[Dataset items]

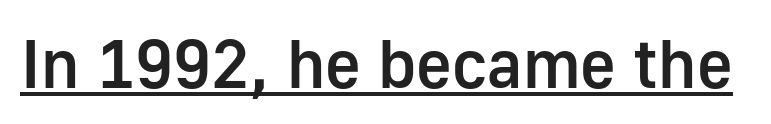
Q: Is the text bold? A: Semi-bold.
Q: Is the text italic (slanted)? A: No, it is upright.
Q: Is the typeface a serif or a sans-serif typeface? A: Sans-serif.
Q: Is the text underlined? A: Yes.
Q: Is the spacing between letters normal or unusually wide? A: Normal.
Q: Width (condensed, normal, or wide)? A: Normal.
Q: Stroke contrast? A: Low.
Q: x-height? A: Medium.
Q: Monospaced? A: No.
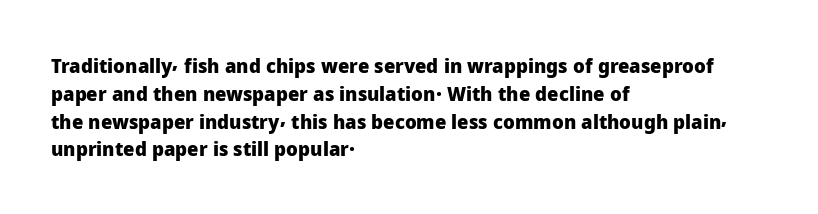
{"italic": "no", "bold": "yes", "underline": "no", "align": "left", "line_spacing": "normal", "line_spacing_ratio": 1.39, "letter_spacing": "normal", "letter_spacing_em": 0.0, "glyph_px": 20}

(Problem requirements)
Apply a filter for "text" to the entries and show each line that passes.

(Response to this task)
Q: Is the text bold? A: Semi-bold.
Q: Is the text italic (slanted)? A: No, it is upright.
Q: Is the text underlined? A: Yes.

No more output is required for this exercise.